We'd recommend to allow for a version indication of both major and minor versions (minor versions indicating those where a file according to the spec of the previous minor is still valid according to the new minor, major versions being not backward-compatible) Reasoning: A typical case for a new minor version would be the the extension of the list of valid payload encodings (header field 5), a process anticipated in the spec and an information relevant for software to check compatibility with a seedlink file. Potential implementations: a) add a new byte for the minor (especially, alongside with proposal/issue #6, the record header would remain unchanged) b) interpret the byte as version x10, allowing 25 majors and up to 10 minors per major.

crotwell commented 2 years ago

The docs say:

New data encodings may be added to the format in the future without incrementing the format version.

so adding a new encoding type does not require a change in the version number.

My feeling is that the structure proposed is flexible enough, given the json extra headers, that anything that would be accomplished with a "backward-compatible" change can be done without a new version.
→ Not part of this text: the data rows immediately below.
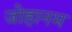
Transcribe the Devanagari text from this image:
जोहानम
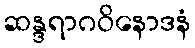
ဆန္ဒရာဂဝိနောဒနံ
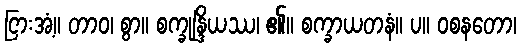
ငြားအံ့။ တာဝ၊ စွာ။ စက္ခုန္ဒြိယဿ၊ ၏။ စက္ခာယတနံ။ ပ။ ဝစနတော၊
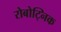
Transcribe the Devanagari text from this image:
रोबोट्निक
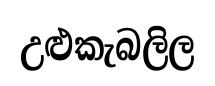
උළුකැබලිල
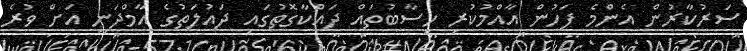
ސަރުކާރުން އެންމެ ފަހުން އާއްމުކުރި ހިސާބުތައް ދައްކާގޮތުގައި ދައުލަތުގެ އާމްދަނީ އަށް ވުރެ
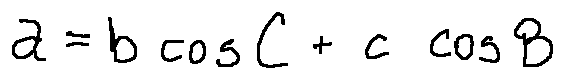
a = b \cos C + c \cos B
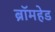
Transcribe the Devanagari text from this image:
ब्रॉमहेड
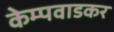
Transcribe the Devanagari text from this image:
केम्पवाडकर
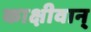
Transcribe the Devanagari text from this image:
काक्षीवान्
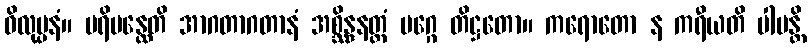
ဝိလုပ္ပနံ။ ပရိပန္ထေတိ အာဂတာဂတာနံ အစ္ဆိန္ဒနတ္ထံ မဂ္ဂေ တိဋ္ဌတော။ ကရောတော န ကရီယတိ ပါပန္တိ
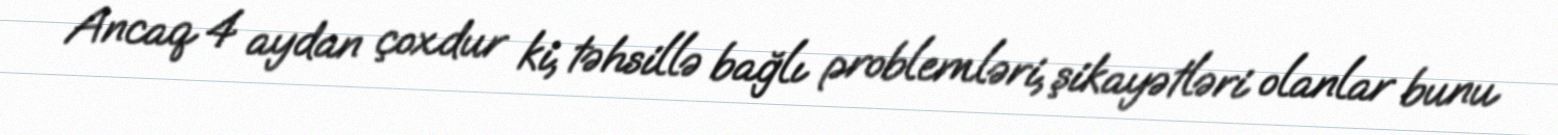
Ancaq 4 aydan çoxdur ki, təhsillə bağlı problemləri, şikayətləri olanlar bunu
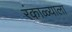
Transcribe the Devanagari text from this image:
रंकाळ्याला
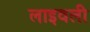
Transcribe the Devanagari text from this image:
लाइवली
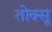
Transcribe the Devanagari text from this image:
तोक्सू
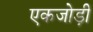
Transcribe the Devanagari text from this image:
एकजोड़ी
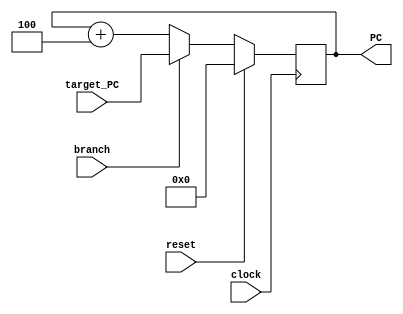
module PCfetch(
  input  clock,
  input  reset,
  input  branch,
  input  [31:0] target_PC,
  output [31:0] PC
);

   reg [31:0] PC_reg;
   assign PC = PC_reg;

always @(posedge clock ) begin
  if (reset) begin
      PC_reg <= 32'b0;
  end else if(~branch) begin 
      PC_reg <= PC_reg + 4'b0100;
  end else if(branch) begin
      PC_reg = target_PC;
end
end
  
endmodule
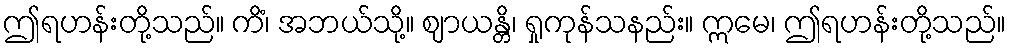
ဤရဟန်းတို့သည်။ ကိံ၊ အဘယ်သို့။ ဈာယန္တိ၊ ရှုကုန်သနည်း။ ဣမေ၊ ဤရဟန်းတို့သည်။
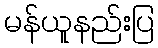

I would prefer that any change to the fixed header to always be considered "breaking" and simply increment the major version number. The extra headers and payload are effectively designed to allow backwards compatible changes without changing the spec version.

That said, it should be made clear that the specification document itself can be revised in a backwards compatible way, and adding an encoding is a good example of that, as well as fixing typos and adding clarification. In this case, it would be useful to reference both the old and new version of the documentation. Perhaps using a "revision" number or date would be sufficient.

kaestli commented 2 years ago

This statement in the docs nicely display the problem: if business rules allow to add encodings without changing the version number, then the version number cannot tell a software whether it can read the file. it must check the encoding field in addition.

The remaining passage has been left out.